The word “love” is one of the most used and most misused nowadays.
There is little or none LOVE behind what is being sold under this name. But there is still much love between people. And there is even more need of love.
The 14 February is such an example of the mankind’s longing for true love, albite through the cheap selling of the love story. Well I cannot blame the mankind for that 🙂 For I know that behind it there is a vast and deep desire for something genuine, eternal and sacred.
This is a good enough reason to re-post my earlier post about Romantic Love.
This post follows Romantic Love: A book EVERY Western man should read and quotes Robert A. Johnson’s bestseller “Understanding the Psychology of romantic love” . I arranged it the way that it gives the essence of author’s investigations on the topic, but please do read the book, it’s so insightful!
Below you will find the brilliant differentiation between the so called romantic love and true love. After reading this post, be prepared for the next in which you will lean about the amazing potential of romantic love. In the meanwhile, let’s meditate on the truthful lines below.
WHAT IS ROMANTIC LOVE?
Romantic love is the single greatest energy system in the Western psyche. In our culture it has supplanted religion as the arena in which men and women seek meaning, transcendence, wholeness, and ecstasy…We are so accustomed to living with the beliefs and assumptions of romantic love that we think it is the only form of “love” on which marriage or love relationships can be based. We think it is the only “true love”. But there is much that we can learn from the East about this. In Eastern countries, like those of India and Japan, we find that married couples love each other with great warmth, often with a stability and devotion that puts us to shame.
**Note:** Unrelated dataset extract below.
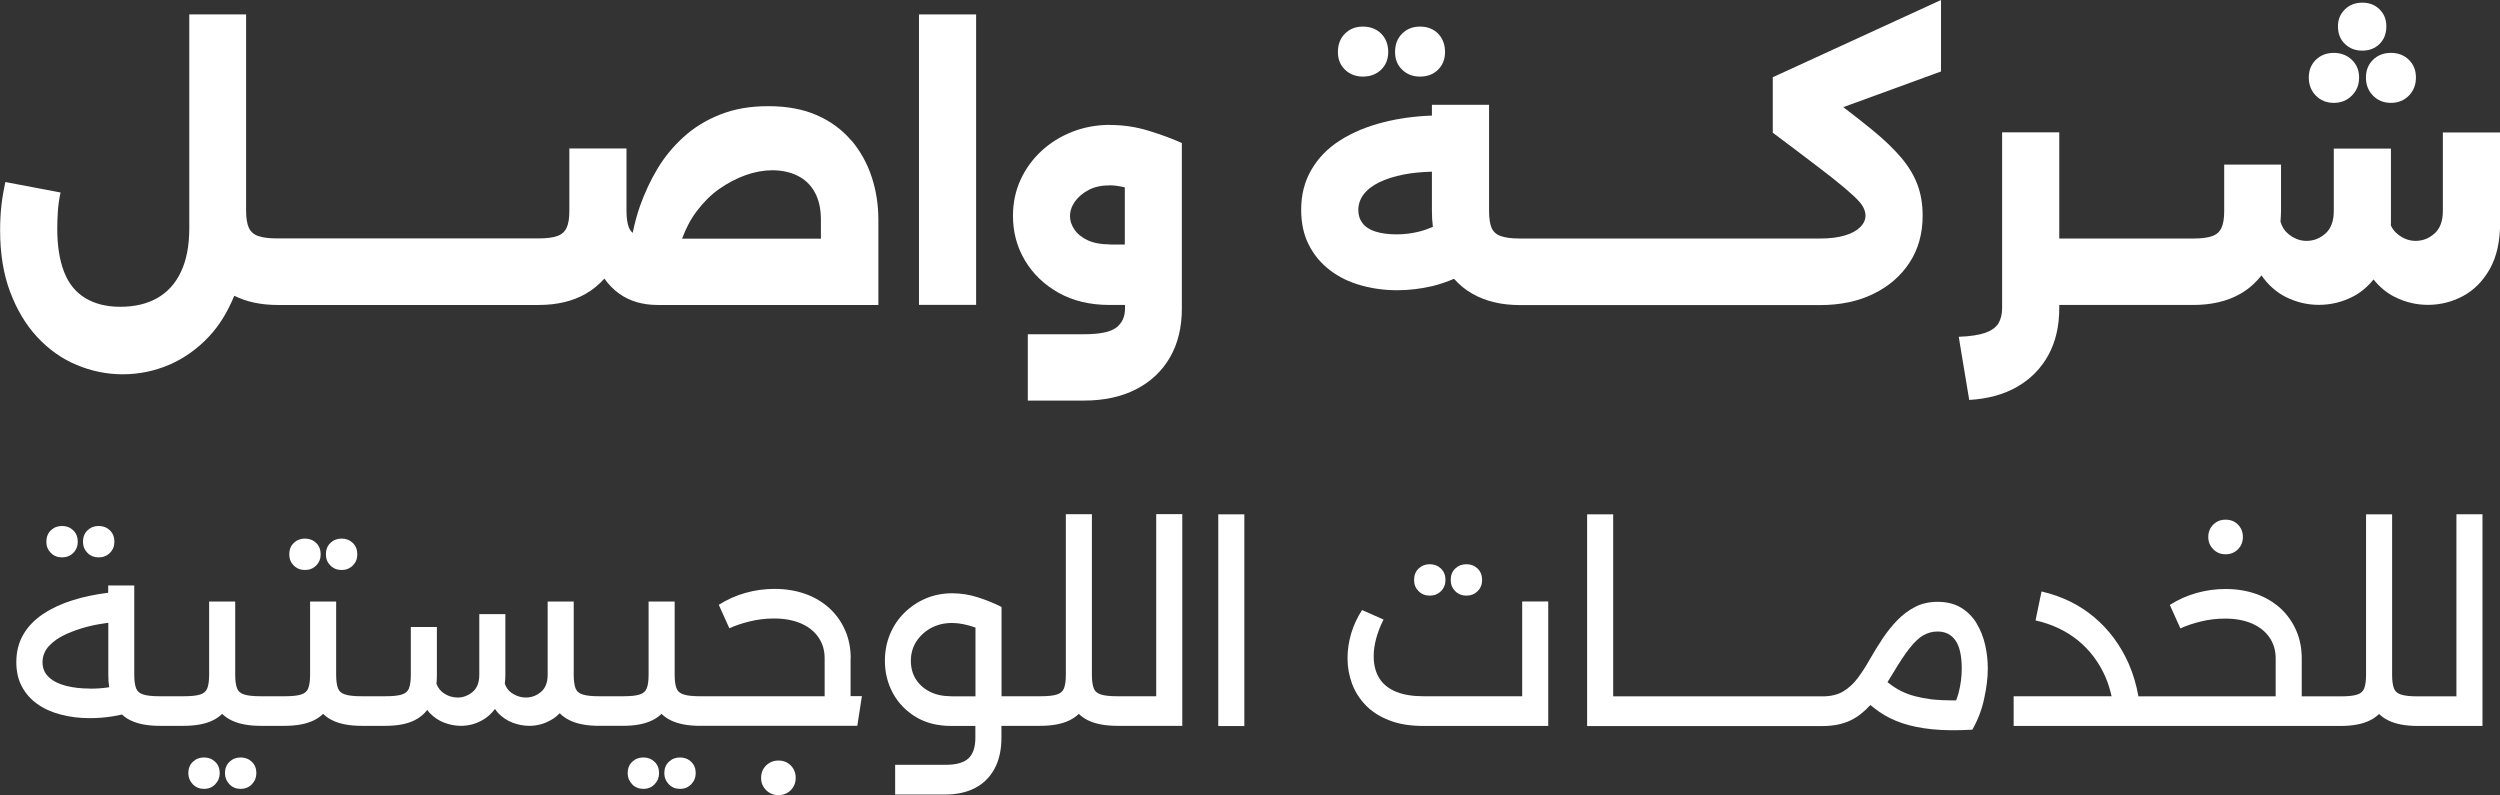 <?xml version="1.0" encoding="UTF-8"?> <svg xmlns="http://www.w3.org/2000/svg" id="Layer_2" viewBox="0 0 234.04 74.44"><rect x="0" y="0" width="234.04" height="74.44" fill="#333333" stroke="none"/><defs><style>.cls-1{fill:#fff;}</style></defs><g id="Layer_1-2"><path class="cls-1" d="M79.69,13.15c-.84-.99-1.9-1.78-3.18-2.35-1.28-.57-2.8-.86-4.57-.86s-3.18.26-4.51.78-2.47,1.23-3.44,2.11c-.97.88-1.79,1.88-2.45,2.98-.66,1.11-1.19,2.26-1.62,3.46-.3.86-.52,1.7-.69,2.53-.15-.13-.27-.29-.35-.49-.15-.37-.23-.89-.23-1.57v-5.84h-5.35v5.84c0,.68-.08,1.2-.25,1.57s-.45.63-.86.78-1,.23-1.78.23h-24.45c-.8,0-1.4-.08-1.81-.23s-.7-.42-.86-.78c-.16-.37-.25-.89-.25-1.57V1.35h-5.32v20.02c0,1.62-.26,2.98-.78,4.08-.52,1.1-1.27,1.92-2.23,2.46s-2.11.81-3.44.81-2.41-.28-3.31-.83-1.55-1.37-1.97-2.46c-.42-1.09-.63-2.43-.63-4.03,0-.53.02-1.09.06-1.66.04-.57.12-1.15.25-1.72l-5.17-.98c-.16.74-.29,1.48-.37,2.21-.08.74-.12,1.51-.12,2.31,0,2.17.31,4.1.94,5.77.63,1.67,1.47,3.08,2.54,4.23,1.07,1.15,2.29,2.02,3.68,2.6,1.38.58,2.82.88,4.32.88s2.97-.3,4.35-.89c1.38-.6,2.62-1.47,3.71-2.63.99-1.05,1.77-2.34,2.38-3.83,1.14.56,2.48.86,4.05.86h24.45c1.72,0,3.19-.35,4.41-1.05.66-.38,1.24-.86,1.74-1.42.4.56.86,1.04,1.4,1.42.99.7,2.19,1.05,3.58,1.05h20.67v-7.97c0-1.41-.21-2.76-.63-4.03-.42-1.27-1.05-2.4-1.89-3.4ZM63.86,22.33c.35-.95.8-1.82,1.38-2.58.62-.82,1.31-1.51,2.09-2.06.78-.55,1.6-.98,2.46-1.29s1.7-.46,2.52-.46c.88,0,1.67.17,2.35.51.69.34,1.23.85,1.61,1.54.39.69.58,1.55.58,2.6v1.75h-13.01Z"></path><rect class="cls-1" x="86.03" y="1.35" width="5.35" height="27.19"></rect><path class="cls-1" d="M103.93,11.69c-1.27,0-2.46.22-3.55.65-1.1.43-2.06,1.03-2.89,1.8s-1.48,1.67-1.95,2.69c-.47,1.03-.71,2.15-.71,3.38,0,1.52.37,2.91,1.12,4.17s1.8,2.27,3.15,3.03c1.35.76,2.95,1.14,4.8,1.14h1.42v.34c0,.76-.27,1.35-.81,1.77-.54.42-1.55.63-3.03.63h-5.26v6.21h5.26c1.87,0,3.49-.35,4.86-1.05,1.37-.7,2.43-1.69,3.18-2.98.75-1.29,1.12-2.82,1.12-4.58v-15.5c-.9-.41-1.94-.79-3.11-1.15-1.17-.36-2.37-.54-3.6-.54ZM103.9,22.88c-.82,0-1.51-.13-2.06-.38-.55-.26-.97-.59-1.25-1-.28-.41-.42-.83-.42-1.26,0-.47.15-.93.46-1.37.31-.44.74-.8,1.29-1.09.55-.29,1.22-.43,2-.43.44,0,.9.08,1.38.19v5.35h-1.42Z"></path><path class="cls-1" d="M132.94,7.17c.7,0,1.26-.22,1.69-.65.43-.43.65-.98.65-1.66s-.22-1.27-.65-1.71c-.43-.44-1-.66-1.69-.66s-1.24.22-1.68.66c-.44.44-.66,1.01-.66,1.71s.22,1.23.66,1.66c.44.43,1,.65,1.68.65Z"></path><path class="cls-1" d="M127.59,7.17c.7,0,1.27-.22,1.71-.65.44-.43.66-.98.66-1.66s-.22-1.27-.66-1.71c-.44-.44-1.01-.66-1.71-.66s-1.24.22-1.68.66c-.44.44-.66,1.01-.66,1.71s.22,1.23.66,1.66c.44.43,1,.65,1.68.65Z"></path><path class="cls-1" d="M165.97,12.43l2.25,1.69c1.39,1.05,2.52,1.91,3.37,2.58s1.5,1.23,1.95,1.65c.45.42.75.77.89,1.05.14.28.21.54.21.78,0,.39-.16.75-.49,1.08-.33.33-.8.59-1.43.78-.63.19-1.4.29-2.32.29h-28.11c-.78,0-1.38-.08-1.8-.23-.42-.15-.71-.42-.86-.78s-.23-.89-.23-1.57v-9.94h-5.35v1.01c-1.62.06-3.14.27-4.55.63-1.54.39-2.88.95-4.03,1.68-1.15.73-2.05,1.64-2.69,2.74-.65,1.1-.97,2.35-.97,3.77,0,1.25.24,2.35.72,3.29.48.94,1.14,1.73,1.98,2.37s1.8,1.11,2.89,1.41c1.09.31,2.22.46,3.41.46,1.09,0,2.17-.13,3.26-.38.71-.17,1.39-.41,2.05-.69.5.56,1.07,1.04,1.74,1.41,1.23.7,2.71,1.05,4.43,1.05h28.11c1.89,0,3.55-.35,4.98-1.05,1.44-.7,2.56-1.67,3.38-2.92.82-1.25,1.23-2.72,1.23-4.4,0-1.07-.16-2.03-.48-2.89-.32-.86-.82-1.7-1.51-2.52-.69-.82-1.58-1.68-2.68-2.58-.8-.66-1.72-1.38-2.76-2.17l9.15-3.34V0l-15.75,7.23v5.2ZM132.81,21.69c-.64.16-1.32.25-2.06.25-.78,0-1.44-.09-1.98-.26-.54-.17-.95-.44-1.21-.78-.27-.35-.4-.76-.4-1.23,0-.53.16-1.02.49-1.46.33-.44.81-.82,1.46-1.14s1.42-.56,2.34-.74c.77-.15,1.65-.23,2.6-.26v3.69c0,.52.03,1.01.09,1.48-.43.18-.87.34-1.32.45Z"></path><path class="cls-1" d="M228.69,12.4v7.35c0,.94-.26,1.65-.78,2.11-.52.46-1.11.69-1.77.69-.62,0-1.19-.22-1.72-.66-.26-.22-.46-.48-.6-.79,0-.08.01-.16.01-.24v-6.95h-5.35v5.84c0,.94-.26,1.65-.78,2.11s-1.11.69-1.77.69c-.62,0-1.19-.22-1.72-.66-.35-.29-.59-.68-.72-1.14.02-.33.05-.65.05-1v-4.34h-5.32v4.34c0,.68-.08,1.2-.25,1.57s-.45.63-.86.78-1.01.23-1.81.23h-12.52v-9.94h-5.35v16.46c0,.57-.12,1.05-.35,1.43-.24.38-.65.67-1.23.88-.58.2-1.41.33-2.48.37l.98,5.91c1.74-.1,3.24-.51,4.49-1.23,1.25-.72,2.22-1.7,2.91-2.95.69-1.25,1.03-2.72,1.03-4.4v-.31h12.52c1.74,0,3.22-.35,4.44-1.05.77-.44,1.42-1.02,1.97-1.72.62.89,1.37,1.56,2.25,2.01,1,.5,2.04.75,3.12.75,1.15,0,2.24-.27,3.26-.81.71-.38,1.33-.91,1.86-1.57.56.7,1.22,1.25,1.97,1.63,1,.5,2.04.75,3.12.75,1.15,0,2.24-.27,3.26-.81s1.87-1.38,2.52-2.52.98-2.59.98-4.35v-8.46h-5.35Z"></path><path class="cls-1" d="M221.49,7.26c0,.68.22,1.24.66,1.69.44.45,1,.68,1.68.68s1.24-.23,1.68-.68c.44-.45.66-1.01.66-1.69s-.22-1.23-.66-1.66c-.44-.43-1-.65-1.68-.65s-1.24.22-1.68.65c-.44.43-.66.98-.66,1.66Z"></path><path class="cls-1" d="M221.15,4.74c.66,0,1.19-.21,1.62-.63.42-.42.63-.97.63-1.65,0-.64-.21-1.16-.63-1.58-.42-.42-.96-.63-1.62-.63s-1.2.21-1.63.63c-.43.42-.65.95-.65,1.58,0,.68.21,1.23.65,1.65.43.42.97.63,1.63.63Z"></path><path class="cls-1" d="M218.48,9.63c.68,0,1.24-.23,1.69-.68.45-.45.68-1.01.68-1.69s-.23-1.23-.68-1.66c-.45-.43-1.02-.65-1.69-.65s-1.24.22-1.68.65c-.44.43-.66.98-.66,1.66s.22,1.24.66,1.69c.44.45,1,.68,1.68.68Z"></path><path class="cls-1" d="M5.81,52.18c.42,0,.77-.14,1.05-.42.28-.28.42-.63.42-1.05s-.14-.79-.42-1.06c-.28-.27-.63-.41-1.05-.41s-.77.14-1.05.41c-.28.27-.42.63-.42,1.06s.14.77.42,1.05.63.42,1.05.42Z"></path><path class="cls-1" d="M9.24,52.18c.42,0,.77-.14,1.05-.42.28-.28.42-.63.42-1.05s-.14-.79-.42-1.06c-.28-.27-.63-.41-1.05-.41s-.77.14-1.05.41c-.28.27-.42.63-.42,1.06s.14.77.42,1.05c.28.28.63.42,1.05.42Z"></path><path class="cls-1" d="M22.53,70.91c-.42,0-.77.14-1.05.41-.28.27-.42.63-.42,1.06,0,.4.14.75.42,1.04.28.29.63.43,1.05.43s.77-.14,1.05-.43c.28-.29.42-.64.42-1.04,0-.44-.14-.79-.42-1.06-.28-.27-.63-.41-1.05-.41Z"></path><path class="cls-1" d="M19.1,70.91c-.42,0-.77.14-1.05.41-.28.27-.42.63-.42,1.06,0,.4.14.75.42,1.04s.63.43,1.05.43.77-.14,1.05-.43c.28-.29.42-.64.42-1.04,0-.44-.14-.79-.42-1.06-.28-.27-.63-.41-1.05-.41Z"></path><path class="cls-1" d="M31.98,53.36c.42,0,.77-.14,1.05-.42.28-.28.42-.63.42-1.05s-.14-.79-.42-1.06c-.28-.27-.63-.41-1.05-.41s-.77.14-1.05.41c-.28.27-.42.63-.42,1.06s.14.77.42,1.05c.28.28.63.42,1.05.42Z"></path><path class="cls-1" d="M28.55,53.36c.42,0,.77-.14,1.05-.42s.42-.63.42-1.05-.14-.79-.42-1.06c-.28-.27-.63-.41-1.05-.41s-.77.14-1.05.41-.42.63-.42,1.06.14.77.42,1.05c.28.28.63.42,1.05.42Z"></path><path class="cls-1" d="M63.66,70.91c-.42,0-.77.14-1.05.41-.28.27-.42.63-.42,1.06,0,.4.14.75.42,1.04.28.29.63.43,1.05.43s.77-.14,1.05-.43c.28-.29.42-.64.42-1.04,0-.44-.14-.79-.42-1.06-.28-.27-.63-.41-1.05-.41Z"></path><path class="cls-1" d="M60.23,70.91c-.42,0-.77.14-1.05.41-.28.27-.42.63-.42,1.06,0,.4.14.75.42,1.04s.63.43,1.05.43.77-.14,1.05-.43c.28-.29.42-.64.42-1.04,0-.44-.14-.79-.42-1.06-.28-.27-.63-.41-1.05-.41Z"></path><path class="cls-1" d="M72.87,71.2c-.45,0-.83.15-1.15.46-.31.31-.47.69-.47,1.16s.16.83.47,1.15c.31.31.7.47,1.15.47s.85-.16,1.16-.47c.31-.31.46-.7.46-1.15s-.15-.85-.46-1.16c-.31-.31-.69-.46-1.16-.46Z"></path><path class="cls-1" d="M79.64,61.63c0-.95-.17-1.82-.52-2.62-.35-.8-.84-1.49-1.47-2.07-.64-.58-1.39-1.03-2.26-1.34-.87-.31-1.83-.47-2.88-.47-.92,0-1.82.12-2.71.37-.89.25-1.72.62-2.51,1.12l.99,2.2c.55-.26,1.19-.47,1.92-.65.73-.18,1.49-.27,2.26-.27.98,0,1.83.16,2.54.47.71.31,1.25.75,1.63,1.31s.57,1.2.57,1.95v3.55h-11.65c-.68,0-1.19-.05-1.53-.16-.35-.1-.58-.3-.69-.59-.11-.29-.17-.71-.17-1.26v-6.86h-2.44v6.86c0,.55-.06.97-.17,1.26-.11.29-.34.49-.68.59-.34.11-.85.16-1.55.16h-2.22c-.68,0-1.19-.05-1.53-.16-.35-.1-.58-.3-.69-.59s-.17-.71-.17-1.26v-6.86h-2.44v6.86c0,.72-.21,1.26-.63,1.61-.42.35-.89.52-1.4.52-.42,0-.82-.11-1.2-.34-.38-.22-.64-.54-.78-.96.03-.26.05-.54.05-.83v-5.68h-2.44v5.68c0,.72-.21,1.26-.63,1.61s-.89.52-1.4.52c-.42,0-.82-.11-1.2-.34-.37-.22-.63-.54-.78-.95.03-.27.04-.54.04-.84v-4.47h-2.44v4.47c0,.55-.06.97-.17,1.26s-.34.49-.68.59c-.34.11-.85.16-1.55.16h-2.2c-.68,0-1.19-.05-1.53-.16-.35-.1-.58-.3-.69-.59-.11-.29-.17-.71-.17-1.26v-6.86h-2.44v6.86c0,.55-.06.97-.17,1.26-.11.29-.34.49-.68.59-.34.11-.85.16-1.55.16h-2.22c-.68,0-1.19-.05-1.53-.16-.35-.1-.58-.3-.69-.59-.11-.29-.17-.71-.17-1.26v-6.86h-2.44v6.86c0,.55-.06.97-.17,1.26-.11.29-.34.49-.68.59-.34.11-.85.16-1.55.16h-2.22c-.68,0-1.19-.05-1.53-.16-.35-.1-.58-.3-.69-.59-.11-.29-.17-.71-.17-1.26v-8.36h-2.44v.68c-1.17.15-2.27.37-3.29.69-1.06.33-1.99.76-2.79,1.29-.8.53-1.42,1.17-1.86,1.92-.44.75-.66,1.62-.66,2.6,0,.87.17,1.63.52,2.28.35.65.83,1.2,1.44,1.63.61.44,1.34.77,2.19.99.85.23,1.76.34,2.74.34.66,0,1.33-.05,1.99-.15.35-.05.68-.11,1.01-.19.23.21.49.4.79.54.71.35,1.63.52,2.75.52h2.22c1.13,0,2.05-.17,2.76-.52.33-.16.61-.36.86-.6.25.24.53.44.86.6.71.35,1.63.52,2.75.52h2.22c1.13,0,2.05-.17,2.76-.52.33-.16.61-.36.86-.6.25.24.53.44.86.6.71.35,1.63.52,2.75.52h2.2c1.13,0,2.05-.17,2.75-.52.49-.24.88-.57,1.19-.97.07.09.13.19.21.27.42.43.88.74,1.39.93s1.03.29,1.56.29c.69,0,1.35-.17,1.98-.52.46-.25.86-.61,1.2-1.06.09.12.17.25.27.36.42.43.88.74,1.39.93.51.19,1.03.29,1.56.29.69,0,1.35-.17,1.98-.52.32-.17.6-.39.86-.66.26.27.57.49.93.66.71.35,1.63.52,2.76.52h2.22c1.13,0,2.05-.17,2.76-.52.33-.16.61-.36.86-.6.25.24.53.44.86.6.71.35,1.63.52,2.75.52h14.72l.43-2.78h-1.06v-3.55ZM8.42,64.46c-.81,0-1.55-.08-2.22-.25-.68-.17-1.22-.44-1.62-.81-.4-.37-.6-.84-.6-1.4s.2-1.09.6-1.52c.4-.43.93-.81,1.6-1.11s1.38-.55,2.15-.74c.62-.15,1.22-.25,1.81-.33v4.89c0,.41.03.78.08,1.14-.03,0-.06.02-.09.02-.52.08-1.09.12-1.7.12Z"></path><path class="cls-1" d="M108.23,65.18h-3.62c-.68,0-1.19-.05-1.53-.16-.35-.1-.58-.3-.69-.59-.11-.29-.17-.71-.17-1.26v-15.03h-2.44v15.03c0,.55-.06.97-.17,1.26-.11.29-.34.49-.68.59-.34.11-.85.16-1.55.16h-3.62v-8.36c-.63-.32-1.35-.62-2.15-.88-.81-.27-1.64-.4-2.49-.4s-1.68.16-2.44.48c-.76.32-1.43.77-2.01,1.34-.58.57-1.03,1.24-1.35,2.01-.32.77-.48,1.6-.48,2.5,0,1.11.26,2.13.77,3.06.52.93,1.24,1.66,2.16,2.21.93.55,2.02.82,3.27.82h2.27v1.11c0,.89-.22,1.53-.65,1.93-.43.4-1.15.6-2.15.6h-4.71v2.78h4.71c1.08,0,2.01-.21,2.79-.62.78-.41,1.39-1.02,1.81-1.81.43-.8.64-1.76.64-2.89v-1.11h3.62c1.13,0,2.05-.17,2.76-.52.33-.16.61-.36.86-.6.25.24.53.44.86.6.71.35,1.63.52,2.76.52h6.07v-19.82h-2.44v17.04ZM89.04,65.18c-.76,0-1.42-.14-1.98-.42-.56-.28-1-.67-1.32-1.17-.31-.5-.47-1.07-.47-1.72,0-.68.17-1.28.51-1.81.34-.53.8-.95,1.38-1.27.58-.31,1.23-.47,1.96-.47.67,0,1.41.15,2.2.43v6.44h-2.27Z"></path><rect class="cls-1" x="114.05" y="48.15" width="2.44" height="19.82"></rect><path class="cls-1" d="M137.28,55.76c.42,0,.77-.14,1.05-.42.28-.28.42-.63.42-1.05s-.14-.79-.42-1.06c-.28-.27-.63-.41-1.05-.41s-.77.14-1.05.41c-.28.27-.42.63-.42,1.06s.14.77.42,1.05c.28.28.63.42,1.05.42Z"></path><path class="cls-1" d="M133.85,55.76c.42,0,.77-.14,1.05-.42.28-.28.42-.63.42-1.05s-.14-.79-.42-1.06-.63-.41-1.05-.41-.77.14-1.05.41-.42.63-.42,1.06.14.77.42,1.05c.28.28.63.42,1.05.42Z"></path><path class="cls-1" d="M142.52,65.18h-9.28c-1,0-1.85-.14-2.54-.42-.69-.28-1.22-.7-1.57-1.26-.35-.56-.53-1.24-.53-2.07,0-.5.07-1.04.22-1.61.15-.57.38-1.18.7-1.82l-2.01-.89c-.45.69-.79,1.43-1.02,2.2-.23.77-.34,1.55-.34,2.32,0,.82.14,1.61.42,2.37.28.76.71,1.43,1.29,2.03.58.6,1.32,1.07,2.21,1.41.89.35,1.95.52,3.15.52h11.72v-11.65h-2.44v8.87Z"></path><path class="cls-1" d="M185.03,58.33c-.37-.6-.86-1.09-1.46-1.45-.6-.36-1.33-.54-2.19-.54-.77,0-1.47.16-2.08.47s-1.17.73-1.67,1.24c-.5.52-.96,1.09-1.38,1.72-.42.63-.81,1.27-1.18,1.91-.37.66-.75,1.26-1.15,1.79-.39.53-.85.95-1.37,1.26s-1.16.46-1.93.46h-4.18s0,0,0,0,0,0,0,0h-15.42v-17.04h-2.44v19.82h17.86s0,0,0,0,0,0,0,0h4.18c1.01,0,1.89-.18,2.62-.53.67-.32,1.28-.81,1.86-1.44.27.23.56.45.85.65.62.43,1.33.78,2.13,1.05.8.27,1.73.46,2.79.57s2.32.12,3.77.04c.52-.9.89-1.87,1.11-2.91.23-1.04.34-1.97.34-2.79,0-.76-.08-1.51-.25-2.25-.17-.74-.44-1.41-.81-2.02ZM180.72,65.45c-1.06-.13-1.96-.37-2.71-.74-.47-.23-.9-.52-1.31-.85.16-.25.32-.51.48-.78.61-1.03,1.14-1.83,1.59-2.4.45-.57.88-.98,1.29-1.21s.85-.35,1.32-.35c.74,0,1.3.28,1.69.85.39.56.58,1.44.58,2.63,0,.76-.1,1.51-.29,2.25-.06.25-.15.48-.24.72-.9,0-1.7-.03-2.41-.11Z"></path><path class="cls-1" d="M208.35,51.89c.47,0,.85-.16,1.16-.47.31-.31.46-.7.46-1.15s-.15-.85-.46-1.16-.69-.46-1.16-.46-.83.15-1.15.46c-.31.31-.47.69-.47,1.16s.16.83.47,1.15.7.47,1.15.47Z"></path><path class="cls-1" d="M229.96,48.15v17.04h-3.62c-.68,0-1.19-.05-1.54-.16-.35-.1-.58-.3-.69-.59-.11-.29-.17-.71-.17-1.26v-15.03h-2.44v15.03c0,.55-.06.97-.17,1.26-.11.29-.34.49-.68.59-.34.11-.85.16-1.55.16h-3.62v-3.55c0-.95-.17-1.82-.52-2.62s-.84-1.49-1.47-2.07c-.64-.58-1.39-1.03-2.26-1.34-.87-.31-1.83-.47-2.88-.47-.92,0-1.82.12-2.71.37-.89.25-1.72.62-2.51,1.12l.99,2.2c.55-.26,1.19-.47,1.92-.65.73-.18,1.49-.27,2.26-.27.98,0,1.83.16,2.54.47.71.31,1.25.75,1.63,1.31s.57,1.2.57,1.95v3.55h-12.85c-.19-1.08-.49-2.1-.91-3.06-.77-1.73-1.84-3.18-3.23-4.35s-3.03-1.97-4.93-2.41l-.56,2.71c1.55.35,2.87.98,3.98,1.88,1.1.9,1.95,2.03,2.55,3.38.25.58.44,1.19.59,1.84h-9.17v2.78h30.6c1.13,0,2.05-.17,2.75-.52.33-.16.61-.36.86-.6.25.24.53.44.86.6.71.35,1.63.52,2.75.52h6.07v-19.82h-2.44Z"></path></g></svg>

But their love is not “romantic love” as we know it. They don’t impose the same ideals on their relationships, nor do they impose such impossible demands and expectations on each other as we do.
Romantic love has existed throughout history in many cultures. We find it in the literature of ancient Greece, the Roman empire, ancient Persia, and feudal Japan. But our modern Western society is the only culture in history that has experienced romantic love as a mass phenomenon. We are the only society that makes romance the basis of our marriages and love relationships and the cultural ideal of “true love”.
One of the greatest paradoxes in romantic love is that it never produces human relationships as long as it stays romantic. It produces drama, daring adventures, wondrous, intense love scenes, jealousies, and betrayal; but people never seem to settle into relationship with each other as flesh-and-blood human beings until they are out of the romantic love stage, until they love each other instead of “being in love”.
Romance, in its purest form, seeks only one thing – passion. It is willing to sacrifice everything else – every duty, obligation, relationship, or commitment – in order to have passion.
DIFFERENCE BETWEEN ROMANTIC LOVE AND TRUE LOVE
People become so wearied of the cycles and dead ends of romance that they begin to wonder if there is such a thing as “love”. There is. But sometimes we have to make profound changes of attitude before we can see what love is and make room for love in our lives. Love between human beings is one of the absolute realities of human nature.
Love is the one power that awakens the ego to the existence of something outside itself, outside its plans, outside its empire, outside its security. Thus love by its very nature the exact opposite of egocentricity. Love is utterly distinct from our ego’s desires and power plans. It leads in different direction: toward the goodness, the value, and the needs of the people around us. In its very essence, love is appreciation, a recognition of another’s value: It moves a man to honor a woman rather that use her, to ask himself how he might sere her. And if this woman is relation to him through love, she will take the same attitude toward him.
This is the main distinction between human love and romantic love: Romance must, by its very nature, deteriorate into egotism. For romance is not a love that is directed at another human being; the passion of romance is always directed at our own projections, our own expectation, our own fantasies. In a very real sense it is a love not of another person, but of oneself.
Romantic love can only last so long as a couple are “high” on one another, so long as the money lasts and the entertainments are exiting. True love is content to do things that ego is bored with. Love is wiling to work with the other person’s moods and unreasonabilites. Love is willing to fix breakfast and balance the checkbook. Human love sees another person as an individual and makes an individualized relationships to him or her. Romantic love sees the other person only as a role player in the drama.
Human love necessarily includes friendship withing a relationship, between husband and wife. In romantic love there is no friendship. Romance and friendship are utterly opposed energies, natural enemies with completely opposing motives. Sometimes people say” I don’t want to be friends with my husband (or wife); it would take all the romance out of our marriage”. In one of the Hindu rites of marriage, the bride and groom make each other a solemn statement: “You will be my best friend.”
WHAT WE CAN DISCOVER
We can’t pretend that we have an Eastern psyche rather than a Western psyche. We have to deal with our own Western unconscious and our own Western wounds; we have to find the healing balm within our own Western soul. But we can learn that human relationship is inseparable from friendship and commitment. We can learn that the essence of love is not to use the other to make us happy but to serve and affirm the one we love.
And we can discover, to our surprise, that what we have needed more that anything was not so much to be loved, as to love.